What five major objectives might a company pursue through pricing? Explain each of these.
A company can pursue any of the following five major objectives through pricing: survival, maximum current profit, maximum market share, market skimming, or product-quality leadership. The first objective, survival, is a short-run objective to cover variable costs and some fixed costs. To maximize current profits the company must estimate demand and costs with various prices and choose the price that produces maximum current profits. To maximize market share the company sets the lowest price it can, assuming a price sensitive market. In market-skimming pricing, companies set high prices when introducing new high-tech products. Finally, with product-quality leadership pricing prices are set to imply a high level of quality.
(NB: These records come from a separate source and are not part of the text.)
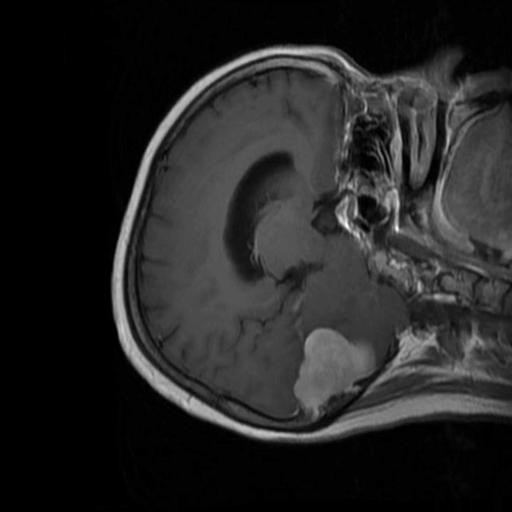
Label: brain_menin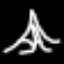
Label: The Eiffel Tower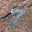
Label: 7
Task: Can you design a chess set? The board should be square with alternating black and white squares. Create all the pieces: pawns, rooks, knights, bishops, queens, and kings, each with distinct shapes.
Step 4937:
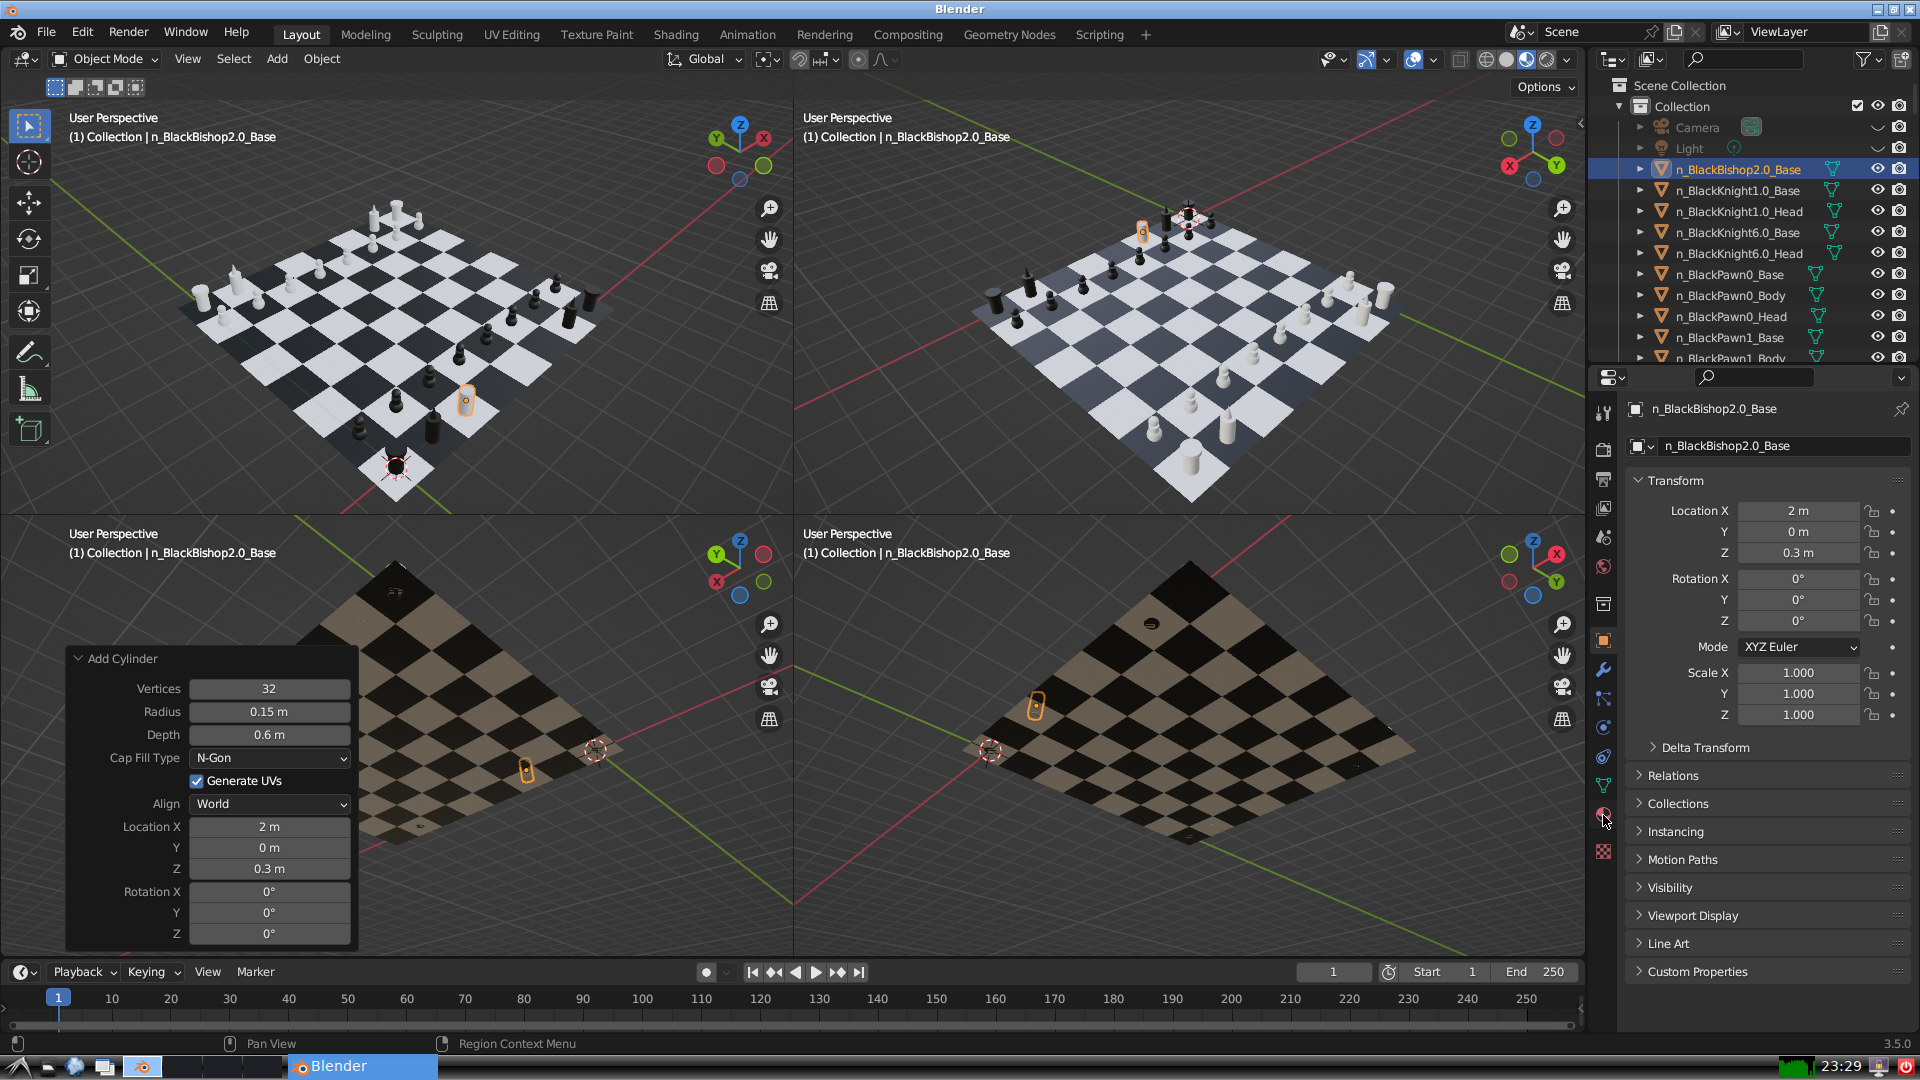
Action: click: no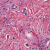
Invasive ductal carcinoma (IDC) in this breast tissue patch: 1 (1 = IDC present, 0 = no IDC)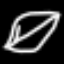
Label: leaf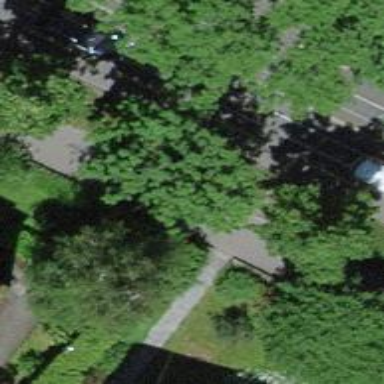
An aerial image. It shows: Avenue of trees.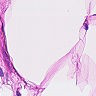
Metastatic tissue present: no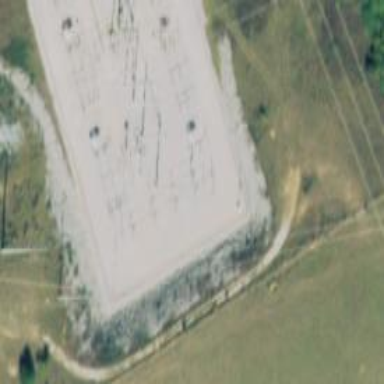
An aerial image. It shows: Switch used for power control.
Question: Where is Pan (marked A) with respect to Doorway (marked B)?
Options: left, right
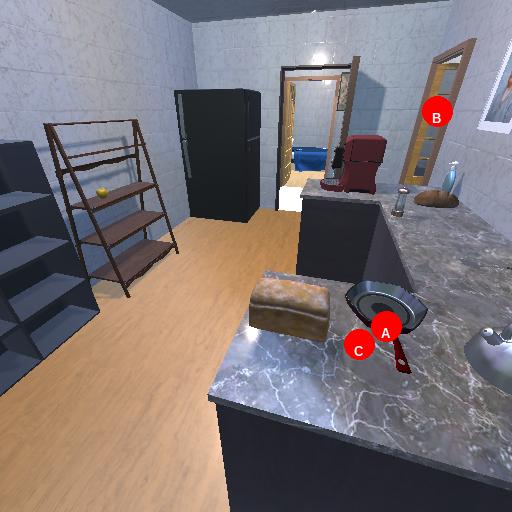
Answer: left
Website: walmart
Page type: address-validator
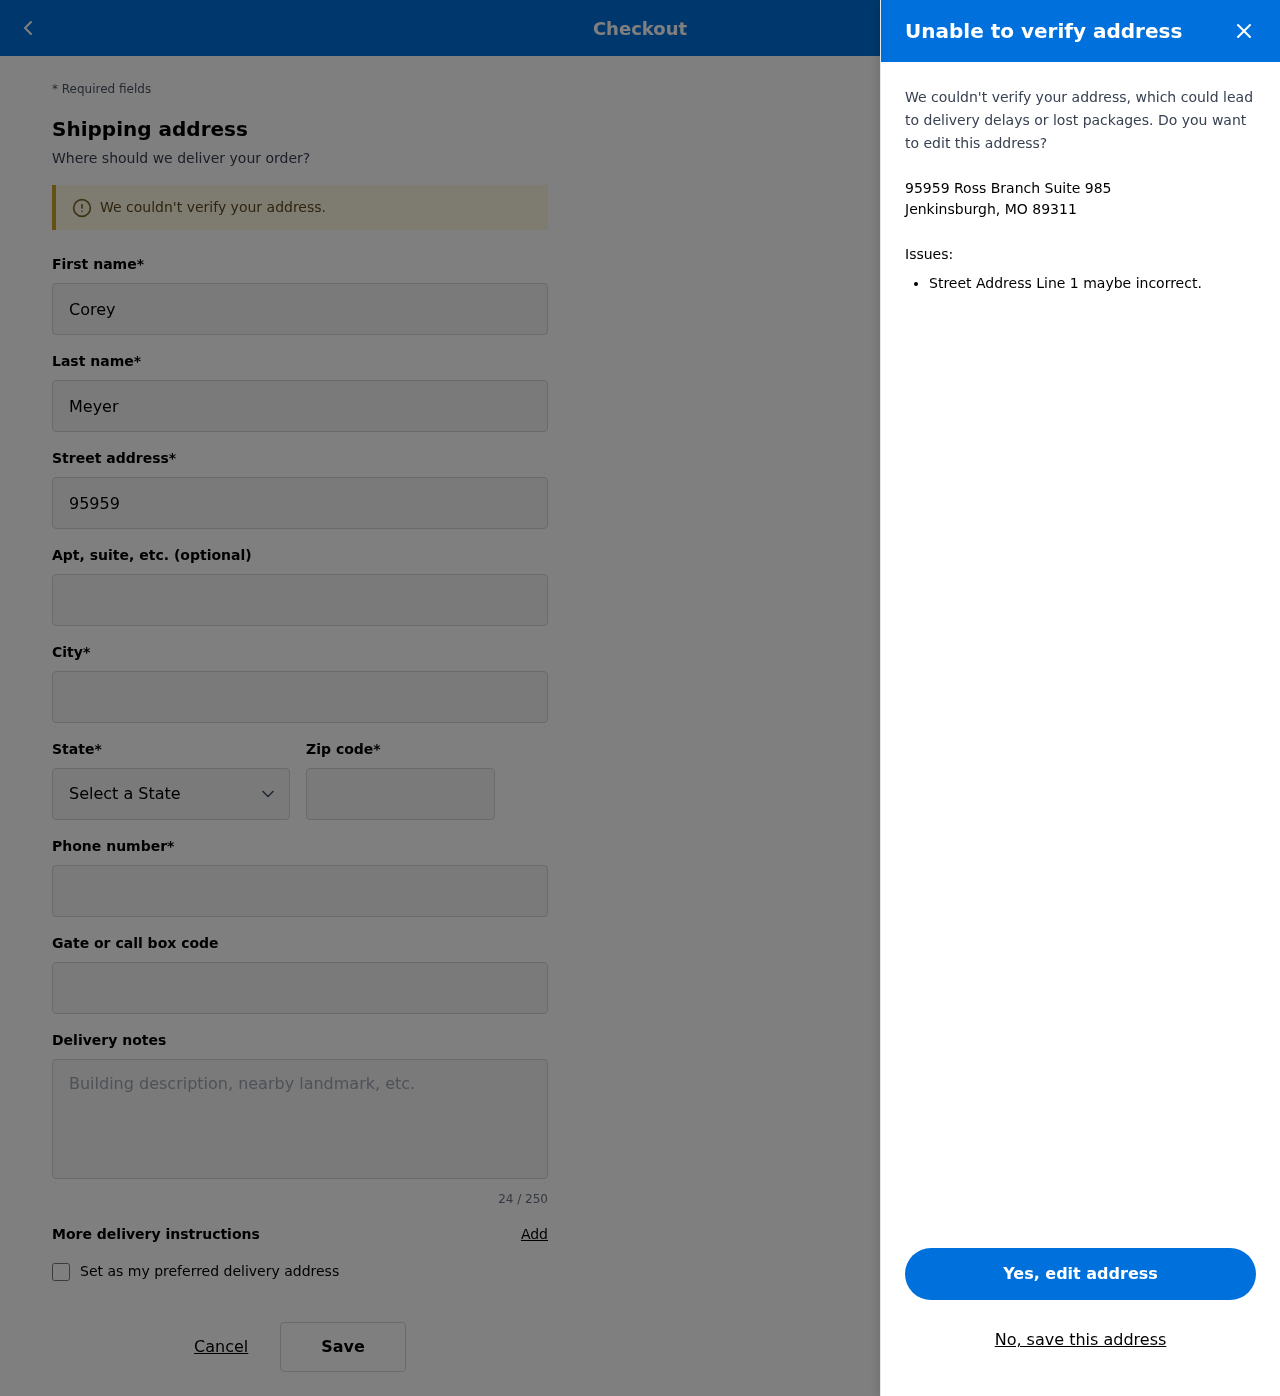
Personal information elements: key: PII_CITY_STATE_ZIP
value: Jenkinsburgh, MO 89311
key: PII_DELIVERY_INSTRUCTIONS
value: Place behind screen door
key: PII_STATE_ABBR
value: MO
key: PII_STREET
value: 95959 Ross Branch Suite 985
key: PII_FIRSTNAME
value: Corey
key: PII_LASTNAME
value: Meyer
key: PII_CITY
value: Jenkinsburgh
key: PII_POSTCODE
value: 89311
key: PII_PHONE
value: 6839812455
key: PII_SECURITY_CODE
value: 4385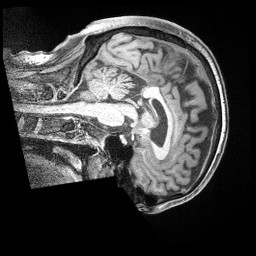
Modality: T1w
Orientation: sagittal
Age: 36
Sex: male
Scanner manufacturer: siemens
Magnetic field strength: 3 T
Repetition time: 2 s
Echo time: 0.00211 s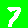
Digit: 7
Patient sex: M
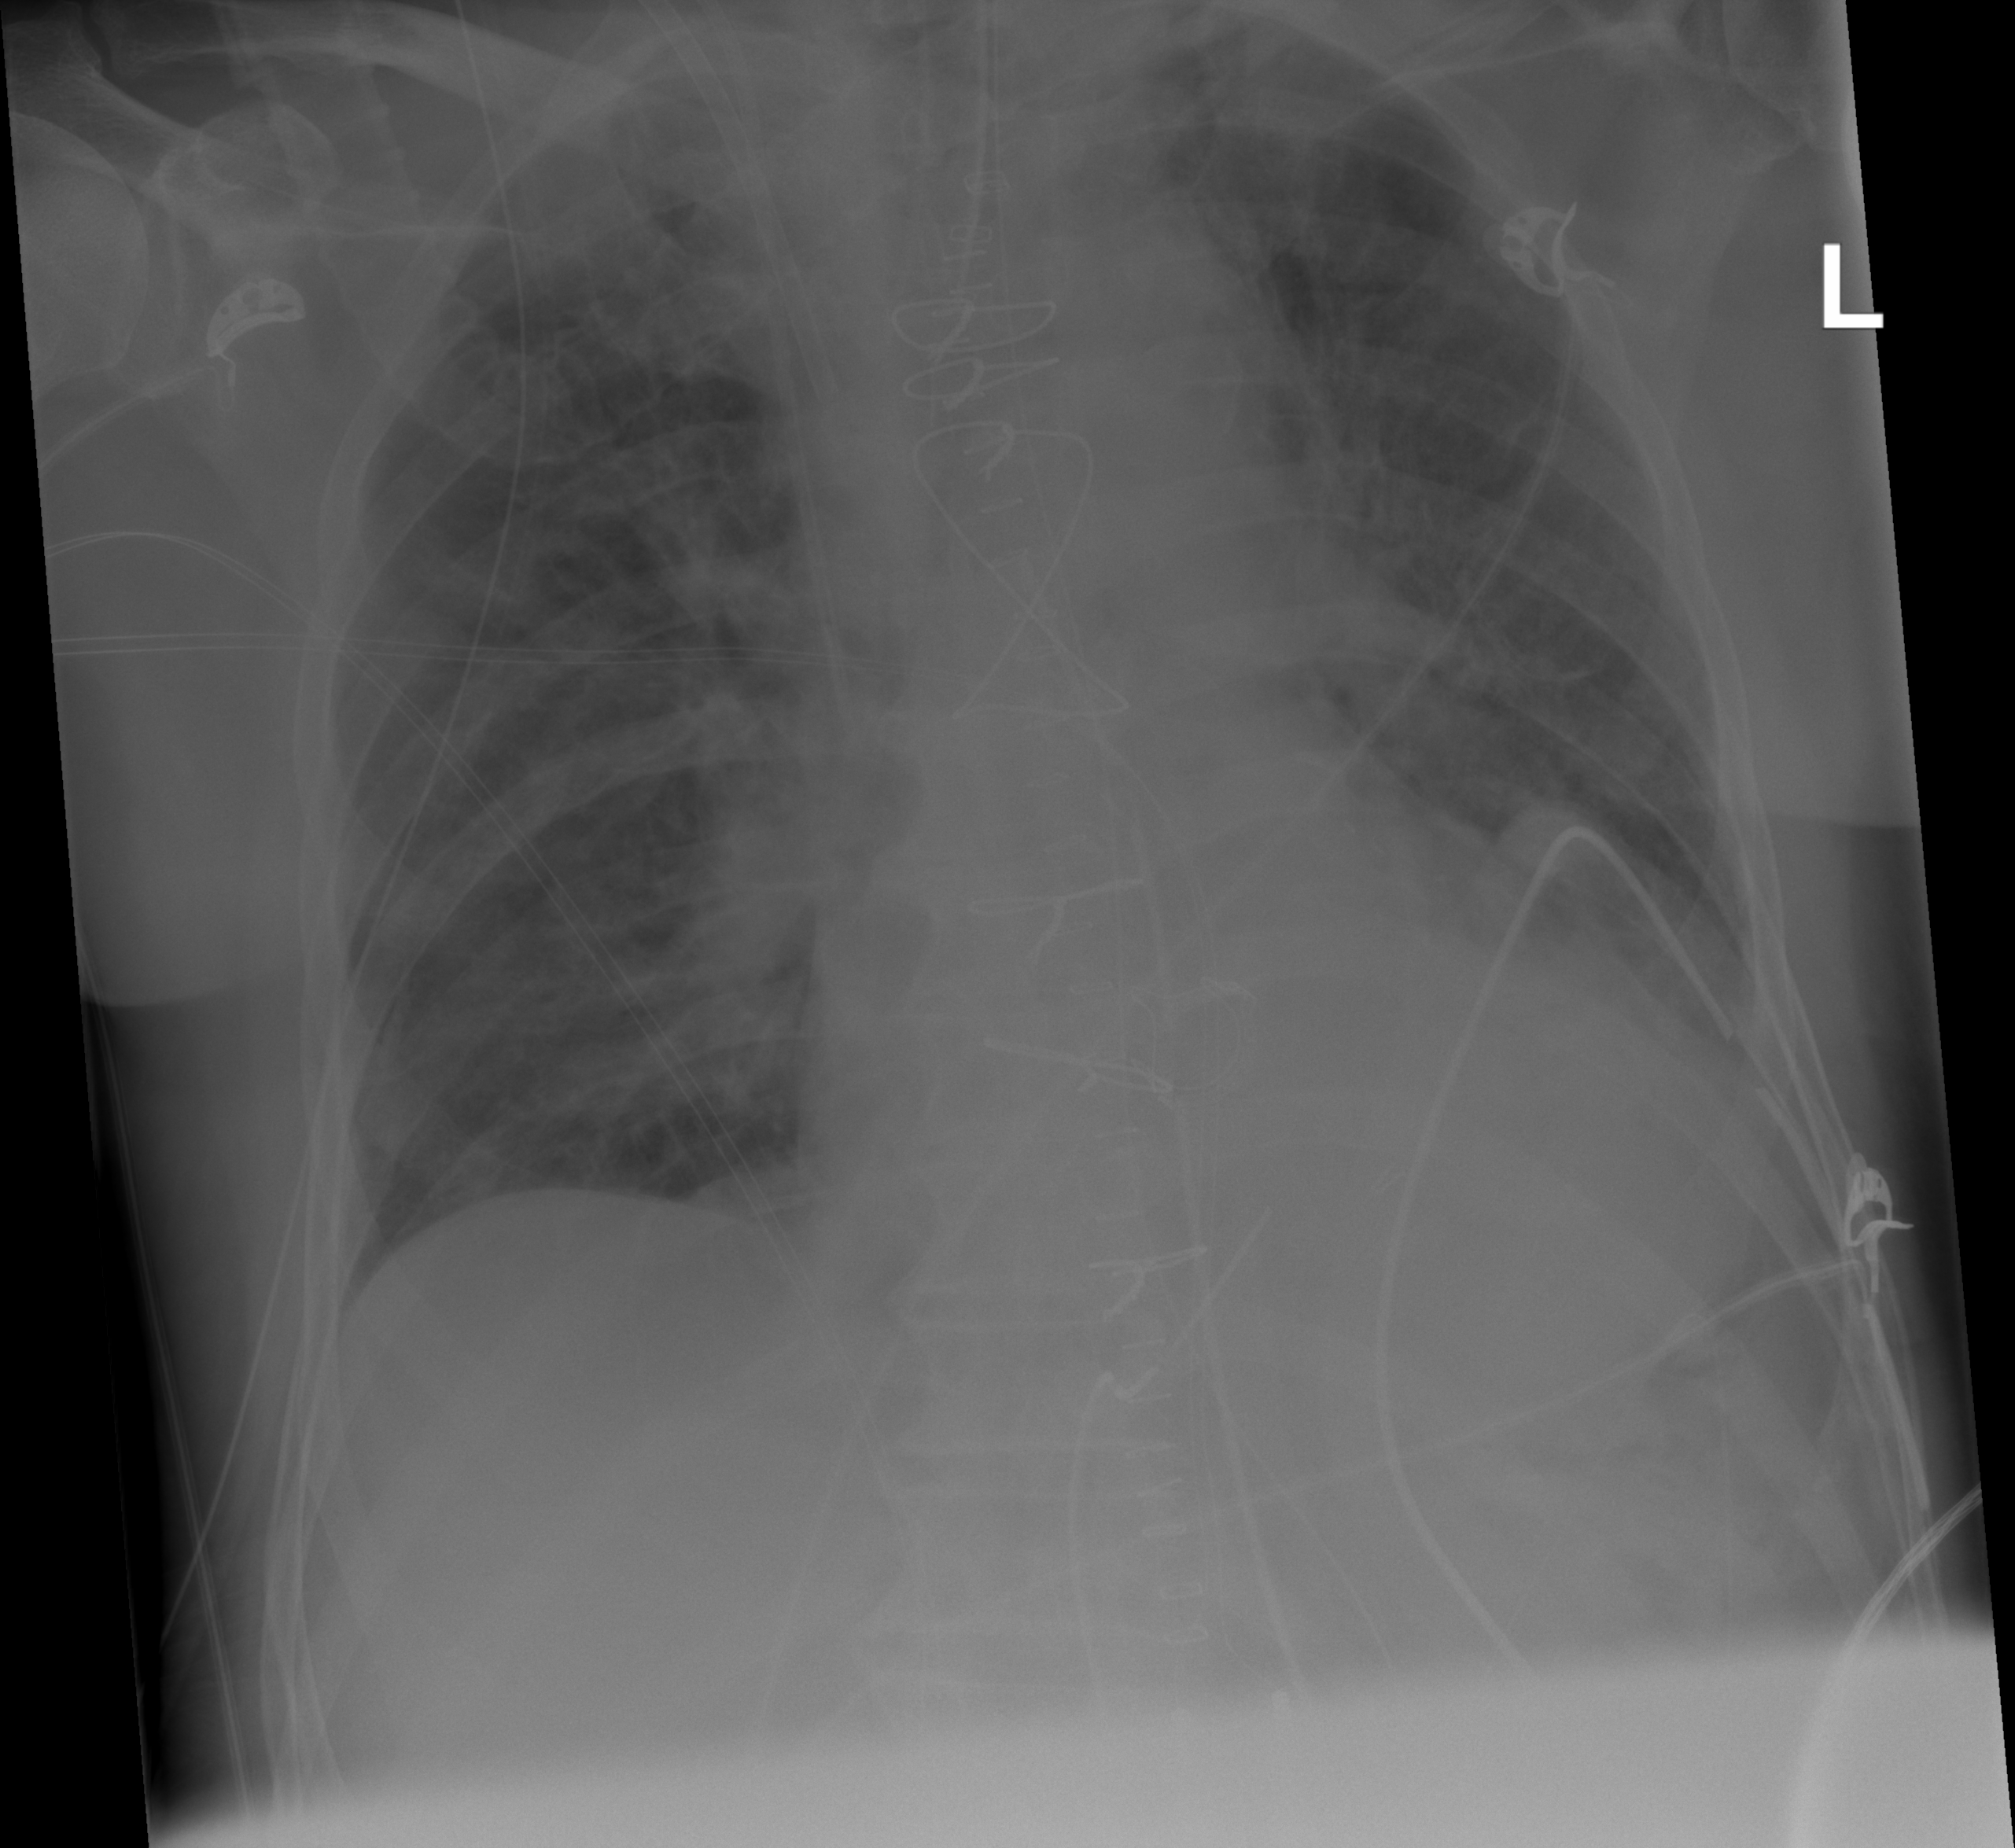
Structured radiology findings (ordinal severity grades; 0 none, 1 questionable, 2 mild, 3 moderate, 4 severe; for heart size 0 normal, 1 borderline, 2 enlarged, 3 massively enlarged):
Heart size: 0
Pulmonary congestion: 2
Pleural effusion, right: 0
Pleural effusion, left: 0
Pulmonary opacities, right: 0
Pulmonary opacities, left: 0
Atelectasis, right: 0
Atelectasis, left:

Describe the various pricing techniques known as promotional pricing that can be used to stimulate early purchase.
Companies can use several pricing techniques to stimulate early purchases.
Loss-leader pricing is used by retailers to stimulate store traffic by dropping the prices of well-known brands.
Special-event pricing is used in certain seasons to draw in more customers.
Cash rebates encourage the purchase of the manufacturers' products within a specified time period.
Low-interest financing is also used to attract customers with low interest rates. Monthly payments can be reduced by offering buyers longer payment terms. Companies can add free or low-cash warranties and service contracts.
And finally, psychological discounting can be used by setting an artificially high price and then offering the product at a substantial saving.